* EXERCISE AIM: Only the lines from the one that contains "The frames that" through the last line of the data below should be duplicated, exactly and without pictures.

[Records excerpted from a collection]
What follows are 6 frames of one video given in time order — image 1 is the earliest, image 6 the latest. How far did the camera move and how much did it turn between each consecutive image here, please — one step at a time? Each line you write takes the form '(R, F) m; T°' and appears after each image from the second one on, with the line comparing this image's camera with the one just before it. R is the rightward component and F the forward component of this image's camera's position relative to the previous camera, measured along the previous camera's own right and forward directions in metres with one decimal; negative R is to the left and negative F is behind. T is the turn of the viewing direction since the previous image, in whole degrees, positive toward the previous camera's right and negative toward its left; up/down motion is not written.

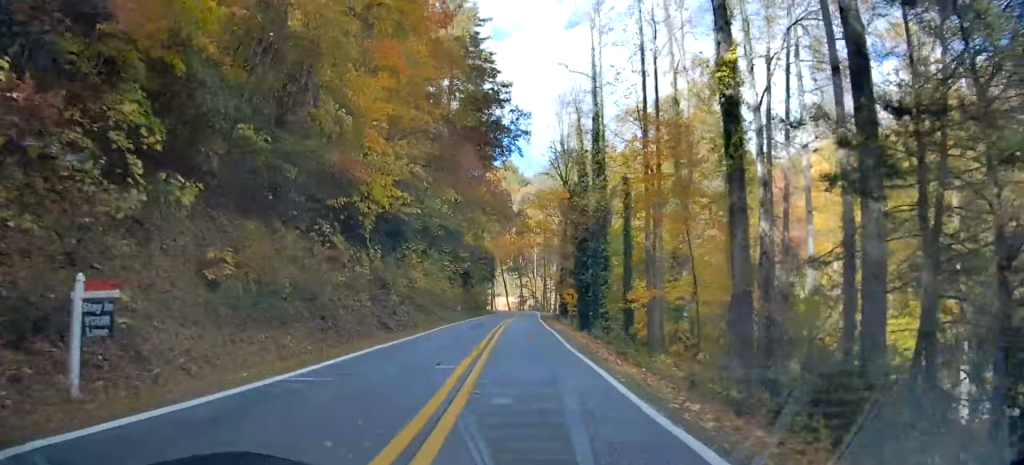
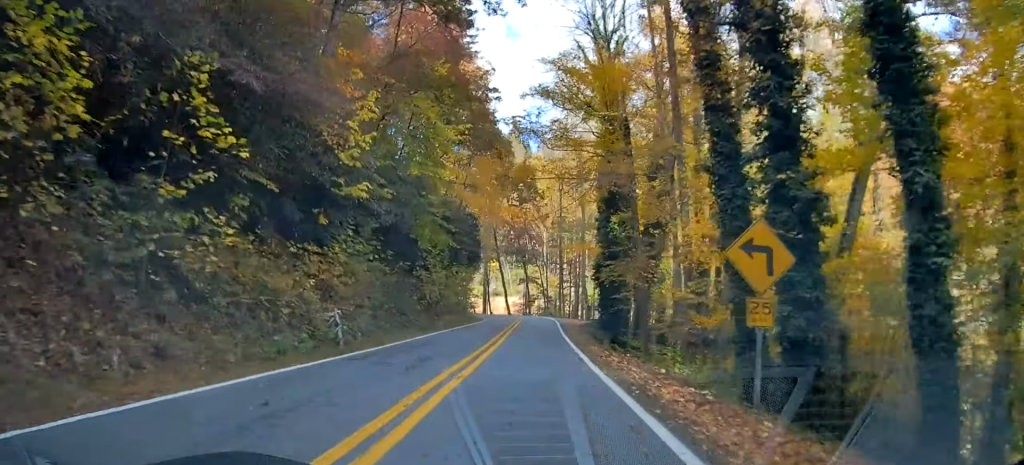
(+0.2, +41.6) m; 0°
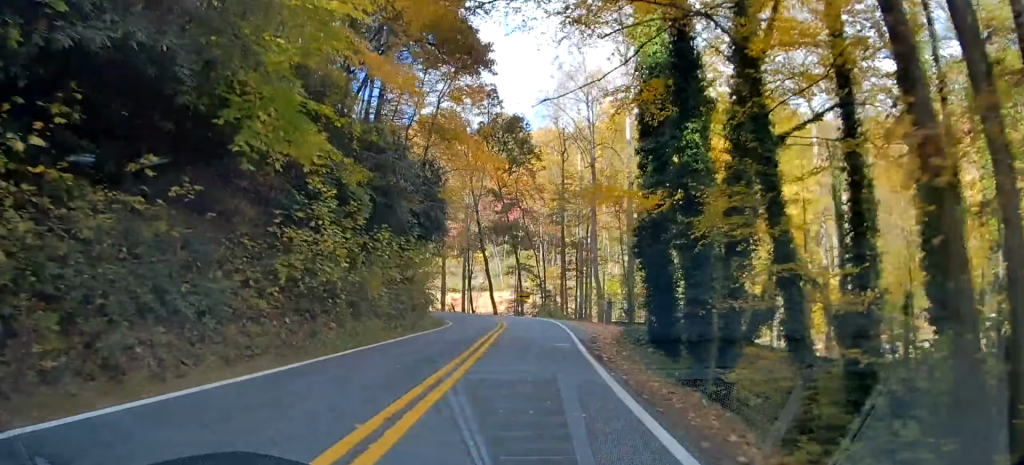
(0.0, +20.8) m; -2°
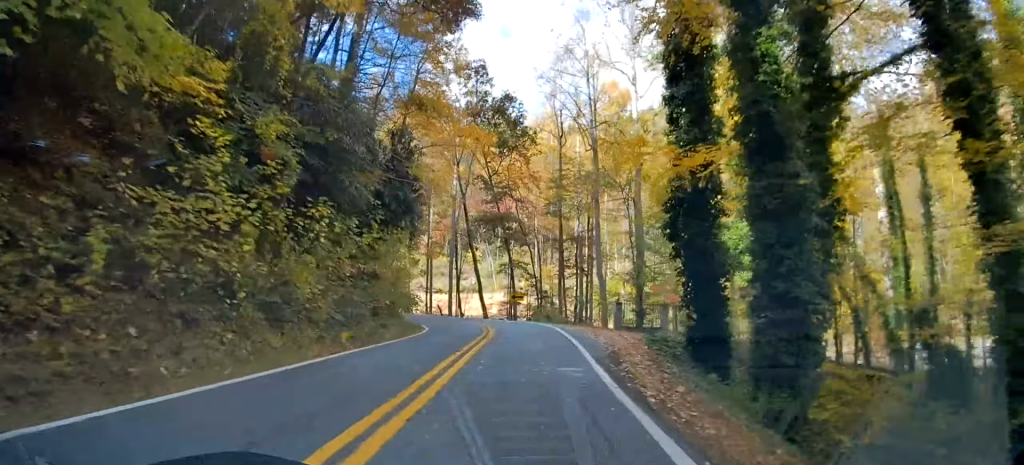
(-0.1, +7.2) m; -1°
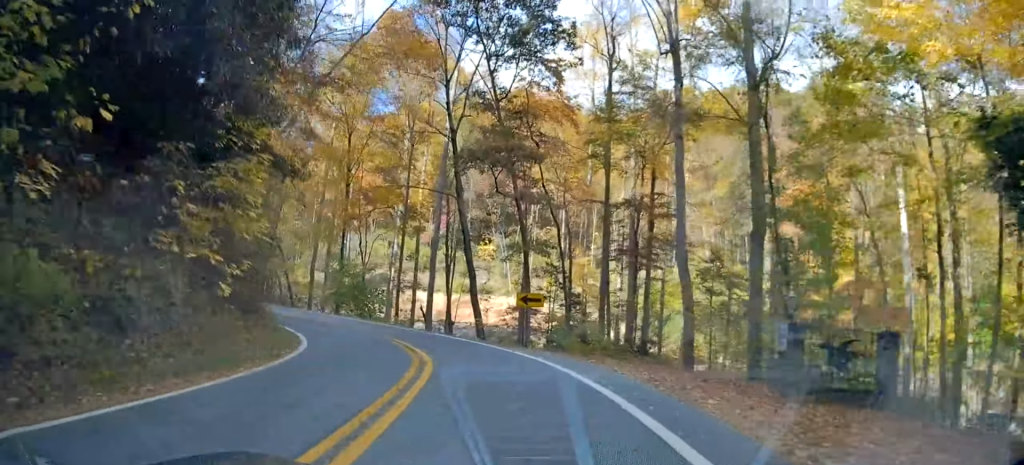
(-0.1, +23.0) m; -6°
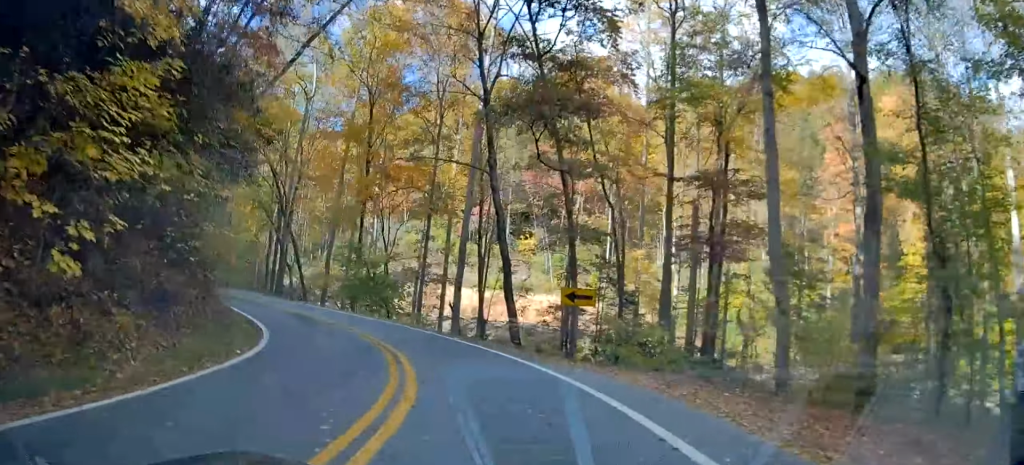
(-0.4, +6.6) m; -7°
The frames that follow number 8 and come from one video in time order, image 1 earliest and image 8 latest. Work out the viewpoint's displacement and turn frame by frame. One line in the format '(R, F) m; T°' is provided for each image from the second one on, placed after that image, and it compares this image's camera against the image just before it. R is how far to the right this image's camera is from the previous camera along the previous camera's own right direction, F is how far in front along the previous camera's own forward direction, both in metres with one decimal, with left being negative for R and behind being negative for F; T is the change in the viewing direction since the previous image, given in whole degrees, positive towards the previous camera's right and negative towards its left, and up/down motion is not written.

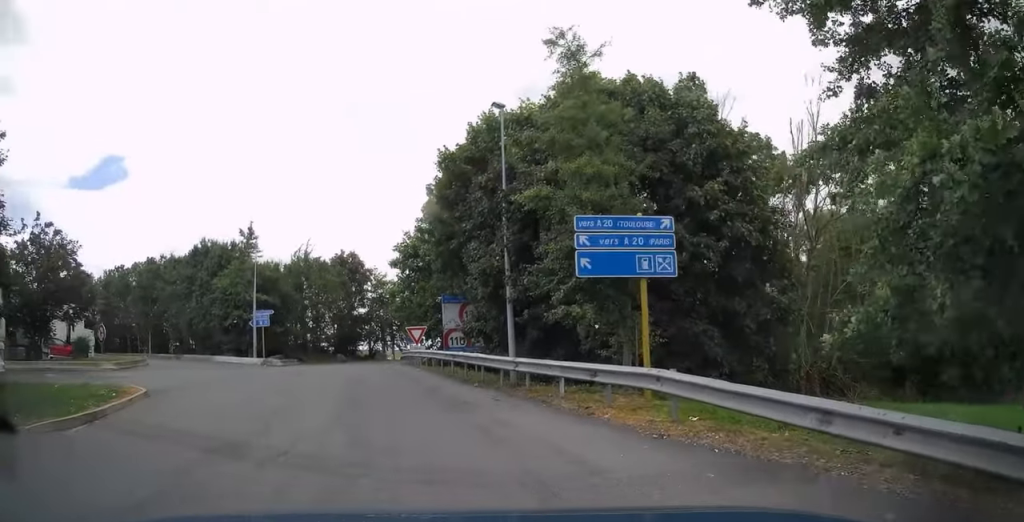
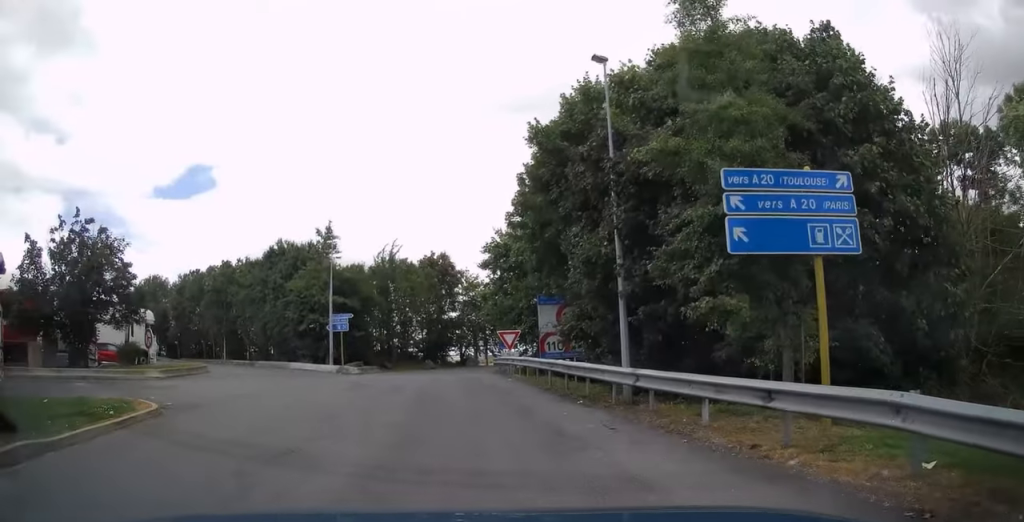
(-0.2, +3.5) m; -6°
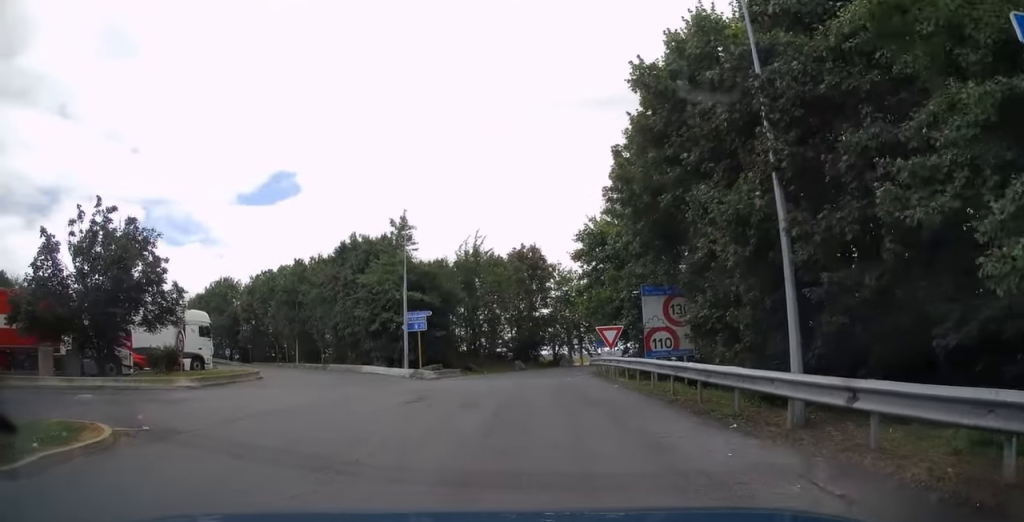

* YOUR RESPONSE:
The frames that follow number 8 and come from one video in time order, image 1 earliest and image 8 latest. Work out the viewpoint's displacement and turn frame by frame. One line in the format '(R, F) m; T°' is provided for each image from the second one on, placed after that image, and it compares this image's camera against the image just before it. R is how far to the right this image's camera is from the previous camera along the previous camera's own right direction, F is how far in front along the previous camera's own forward direction, both in metres with one decimal, with left being negative for R and behind being negative for F; T is the change in the viewing direction since the previous image, given in whole degrees, positive towards the previous camera's right and negative towards its left, and up/down motion is not written.

(-0.2, +3.5) m; -6°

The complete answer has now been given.